— Your task —
All the records that follow need to be reproduced exactly. Omit the images.

— The input —
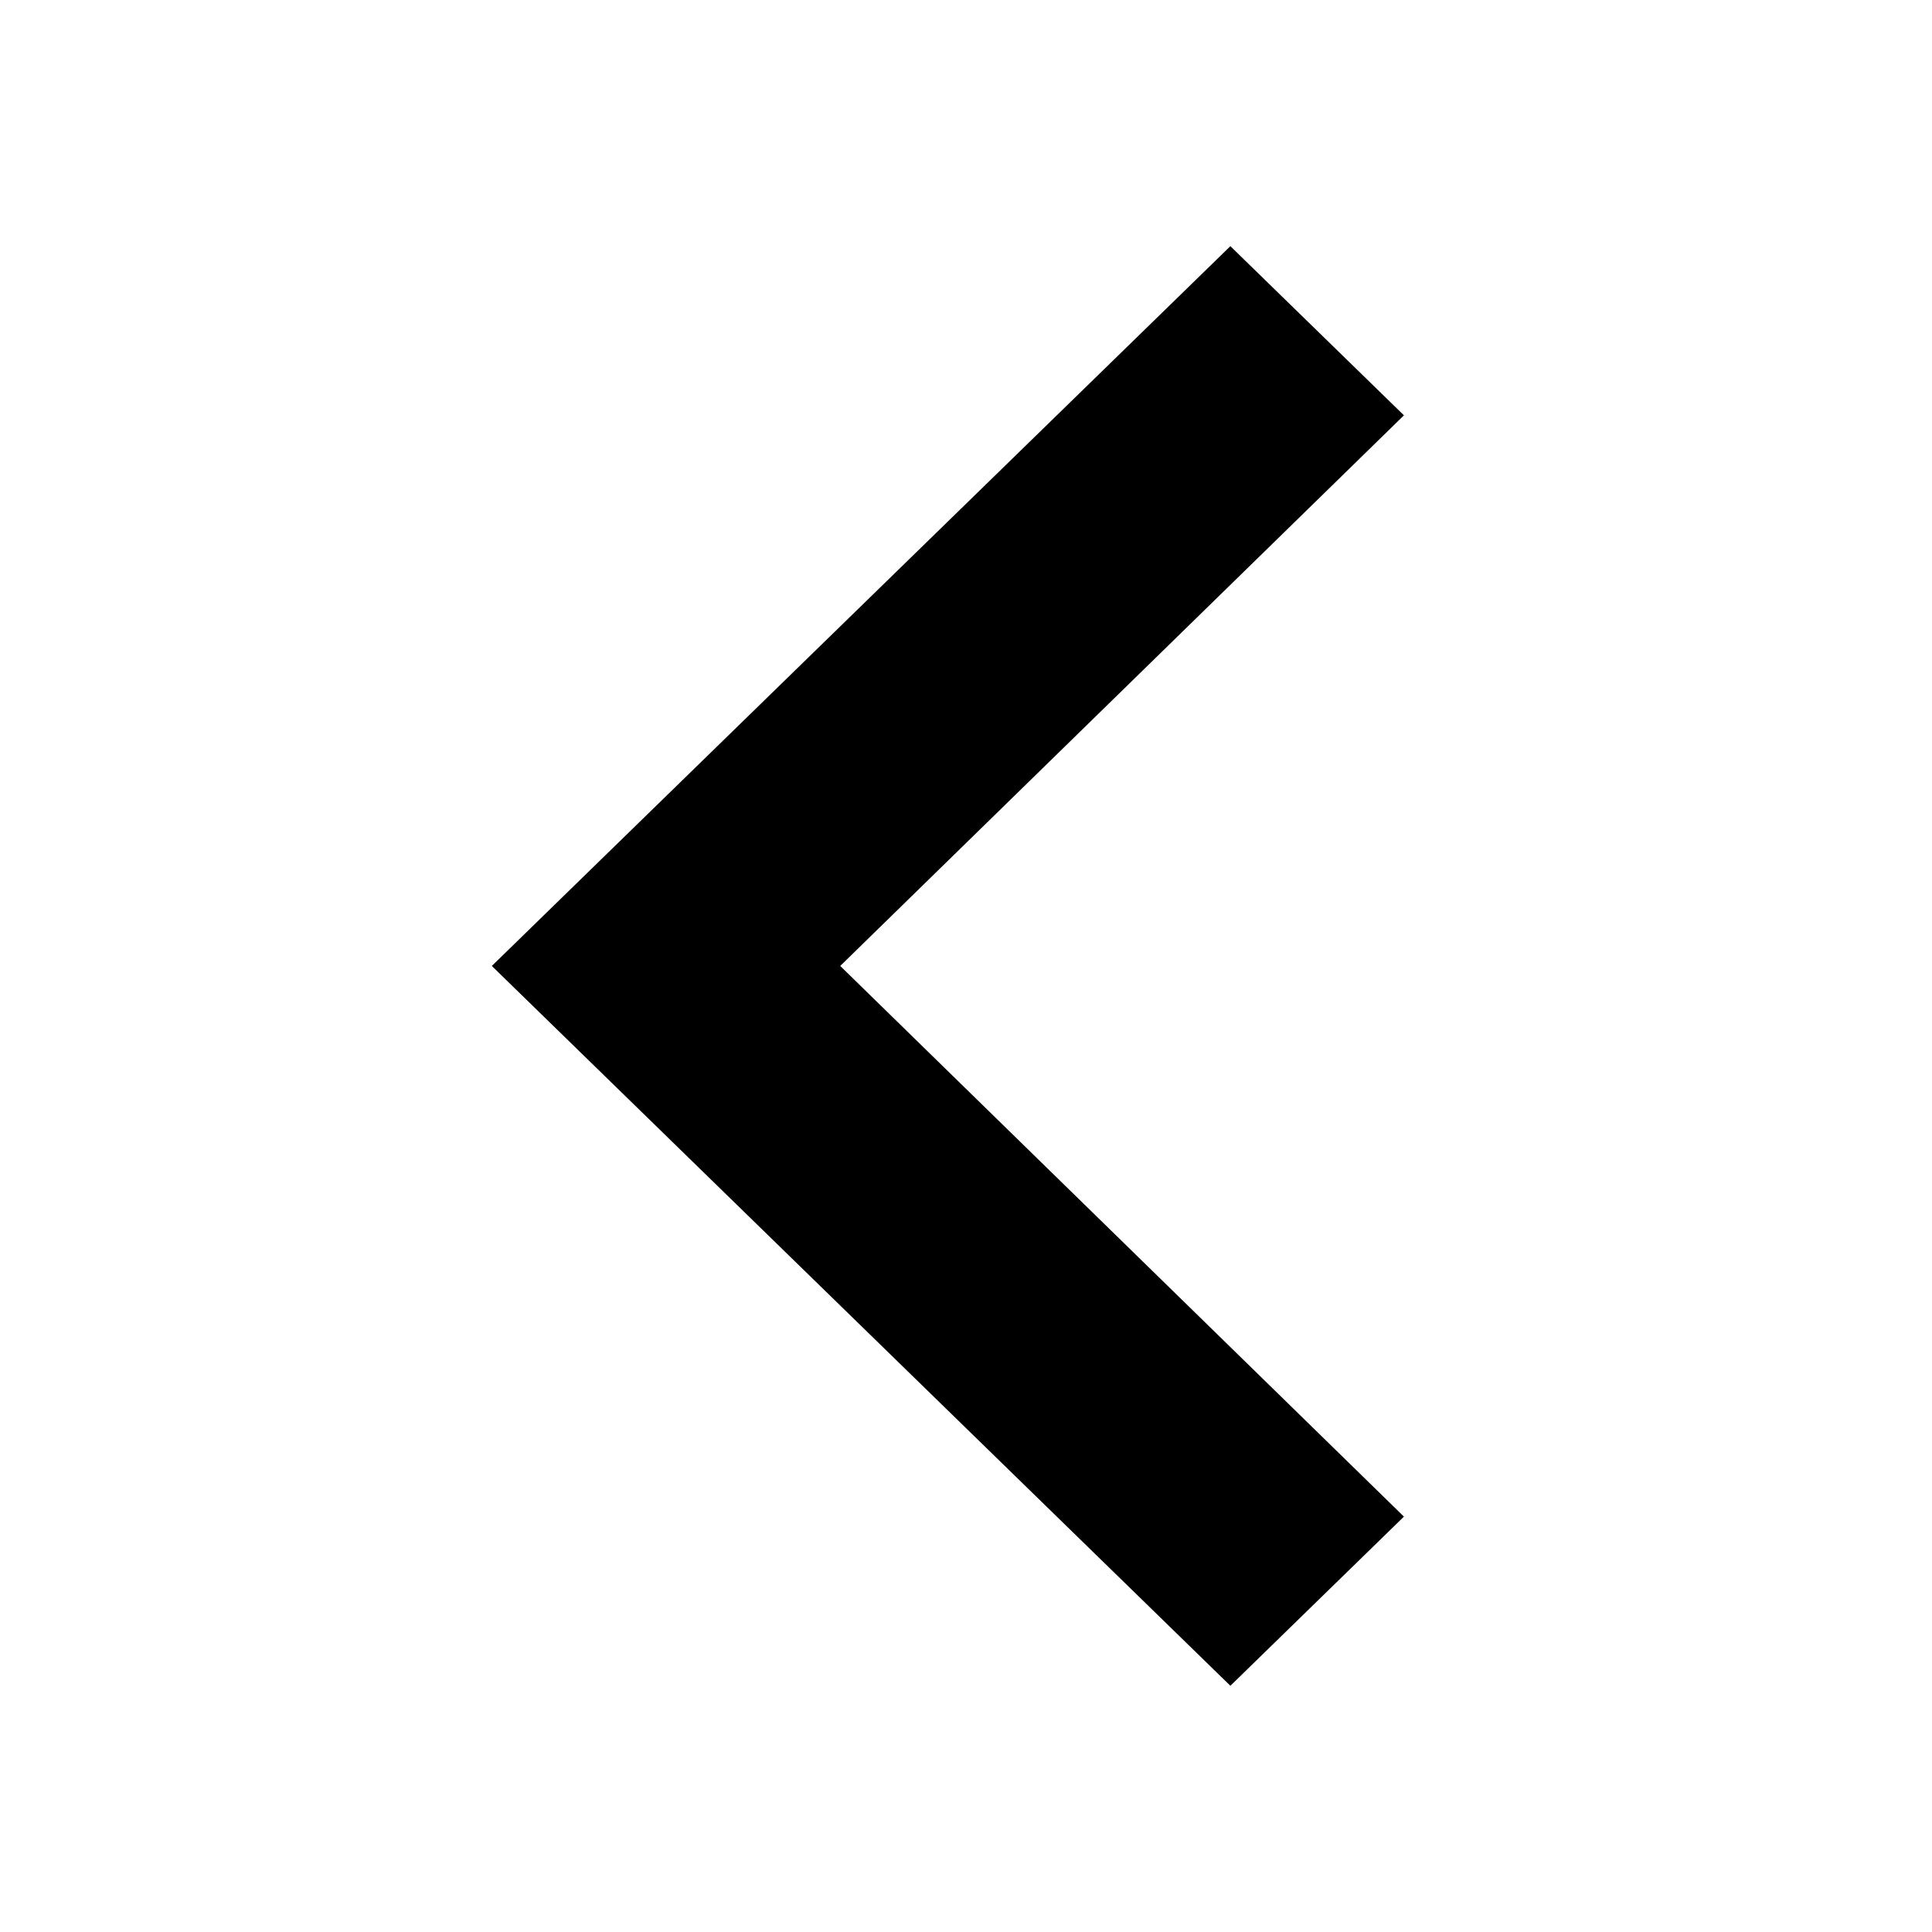 <svg xmlns="http://www.w3.org/2000/svg" width="37.358" height="37.358" viewBox="0 0 37.358 37.358">
    <g id="expand_more-24px" transform="rotate(90 18.679 18.679)">
        <path id="Trazado_50" fill="none" d="M0 0h37.358v37.358H0z" data-name="Trazado 50"/>
        <path id="Trazado_51" d="M24.566 0L13.918 10.9 3.271 0 0 3.356l13.918 14.281L27.837 3.356z" data-name="Trazado 51" transform="translate(4.76 10.211)"/>
    </g>
</svg>
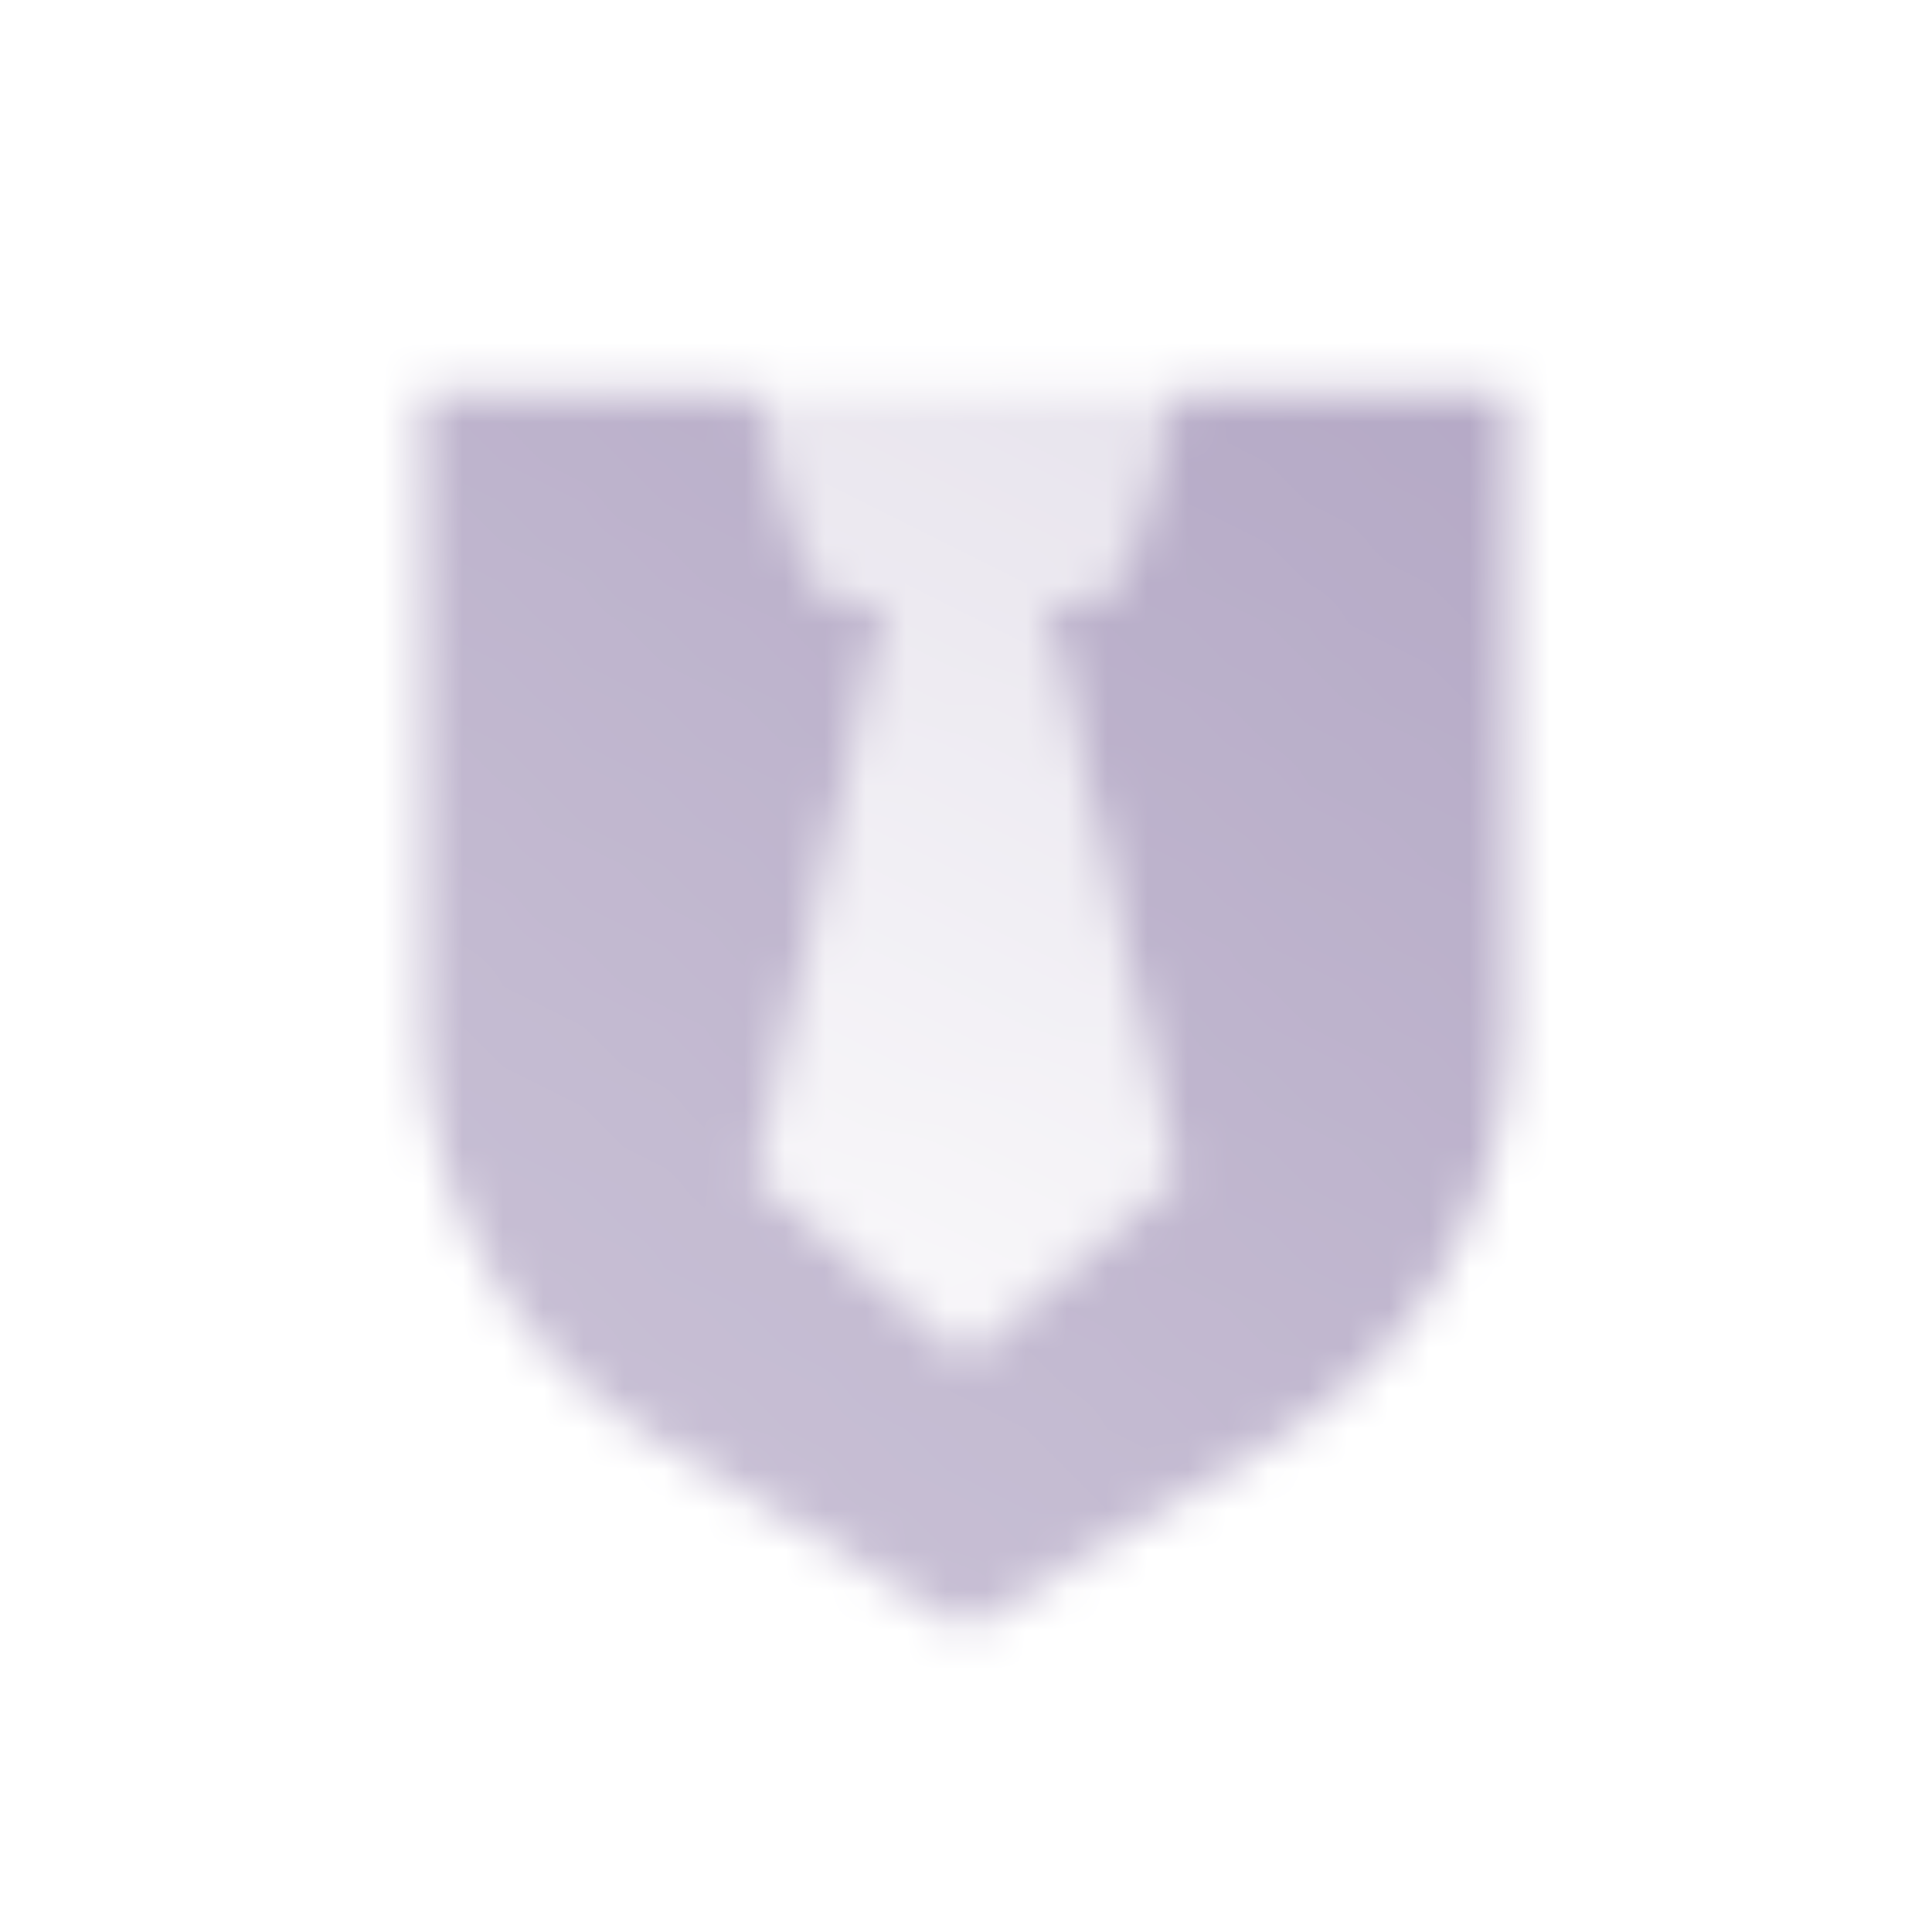 <svg width="48" height="48" viewBox="0 0 48 48" fill="none" xmlns="http://www.w3.org/2000/svg">
<mask id="mask0_1167_297" style="mask-type:alpha" maskUnits="userSpaceOnUse" x="10" y="9" width="28" height="32">
<path fill-rule="evenodd" clip-rule="evenodd" d="M18.75 9.75H10.5V25.52C10.5 29.7 12.675 33.58 16.243 35.759L24 40.5L31.757 35.759C35.325 33.58 37.5 29.7 37.5 25.52V9.75H29.25L28.061 13.912C27.877 14.556 27.288 15 26.619 15H26.011L29.25 29.25L24 33.75L18.75 29.25L21.989 15H21.381C20.712 15 20.123 14.556 19.939 13.912L18.75 9.75Z" fill="url(#paint0_linear_1167_297)"/>
<path fill-rule="evenodd" clip-rule="evenodd" d="M29.25 9.75H18.75L19.939 13.912C20.123 14.556 20.712 15 21.381 15H21.989L18.75 29.25L24 33.75L29.25 29.25L26.011 15H26.619C27.288 15 27.877 14.556 28.061 13.912L29.25 9.75Z" fill="url(#paint1_linear_1167_297)"/>
</mask>
<g mask="url(#mask0_1167_297)">
<path d="M6 6H42V42H6V6Z" fill="#B1A5C3"/>
</g>
<defs>
<linearGradient id="paint0_linear_1167_297" x1="19.5" y1="40.5" x2="40.092" y2="12.399" gradientUnits="userSpaceOnUse">
<stop stop-opacity="0.7"/>
<stop offset="1" stop-opacity="0.95"/>
</linearGradient>
<linearGradient id="paint1_linear_1167_297" x1="19.5" y1="30" x2="28.5" y2="9.75" gradientUnits="userSpaceOnUse">
<stop stop-opacity="0.1"/>
<stop offset="1" stop-opacity="0.3"/>
</linearGradient>
</defs>
</svg>

— Answer area —
 <svg xmlns="http://www.w3.org/2000/svg" width="37.358" height="37.358" viewBox="0 0 37.358 37.358">
    <g id="expand_more-24px" transform="rotate(90 18.679 18.679)">
        <path id="Trazado_50" fill="none" d="M0 0h37.358v37.358H0z" data-name="Trazado 50"/>
        <path id="Trazado_51" d="M24.566 0L13.918 10.9 3.271 0 0 3.356l13.918 14.281L27.837 3.356z" data-name="Trazado 51" transform="translate(4.76 10.211)"/>
    </g>
</svg>
 <svg width="48" height="48" viewBox="0 0 48 48" fill="none" xmlns="http://www.w3.org/2000/svg">
<mask id="mask0_1167_297" style="mask-type:alpha" maskUnits="userSpaceOnUse" x="10" y="9" width="28" height="32">
<path fill-rule="evenodd" clip-rule="evenodd" d="M18.75 9.75H10.5V25.52C10.5 29.7 12.675 33.58 16.243 35.759L24 40.5L31.757 35.759C35.325 33.58 37.5 29.7 37.5 25.52V9.75H29.25L28.061 13.912C27.877 14.556 27.288 15 26.619 15H26.011L29.25 29.25L24 33.75L18.75 29.25L21.989 15H21.381C20.712 15 20.123 14.556 19.939 13.912L18.75 9.75Z" fill="url(#paint0_linear_1167_297)"/>
<path fill-rule="evenodd" clip-rule="evenodd" d="M29.25 9.75H18.75L19.939 13.912C20.123 14.556 20.712 15 21.381 15H21.989L18.75 29.25L24 33.75L29.25 29.25L26.011 15H26.619C27.288 15 27.877 14.556 28.061 13.912L29.25 9.75Z" fill="url(#paint1_linear_1167_297)"/>
</mask>
<g mask="url(#mask0_1167_297)">
<path d="M6 6H42V42H6V6Z" fill="#B1A5C3"/>
</g>
<defs>
<linearGradient id="paint0_linear_1167_297" x1="19.5" y1="40.5" x2="40.092" y2="12.399" gradientUnits="userSpaceOnUse">
<stop stop-opacity="0.7"/>
<stop offset="1" stop-opacity="0.95"/>
</linearGradient>
<linearGradient id="paint1_linear_1167_297" x1="19.5" y1="30" x2="28.5" y2="9.75" gradientUnits="userSpaceOnUse">
<stop stop-opacity="0.1"/>
<stop offset="1" stop-opacity="0.3"/>
</linearGradient>
</defs>
</svg>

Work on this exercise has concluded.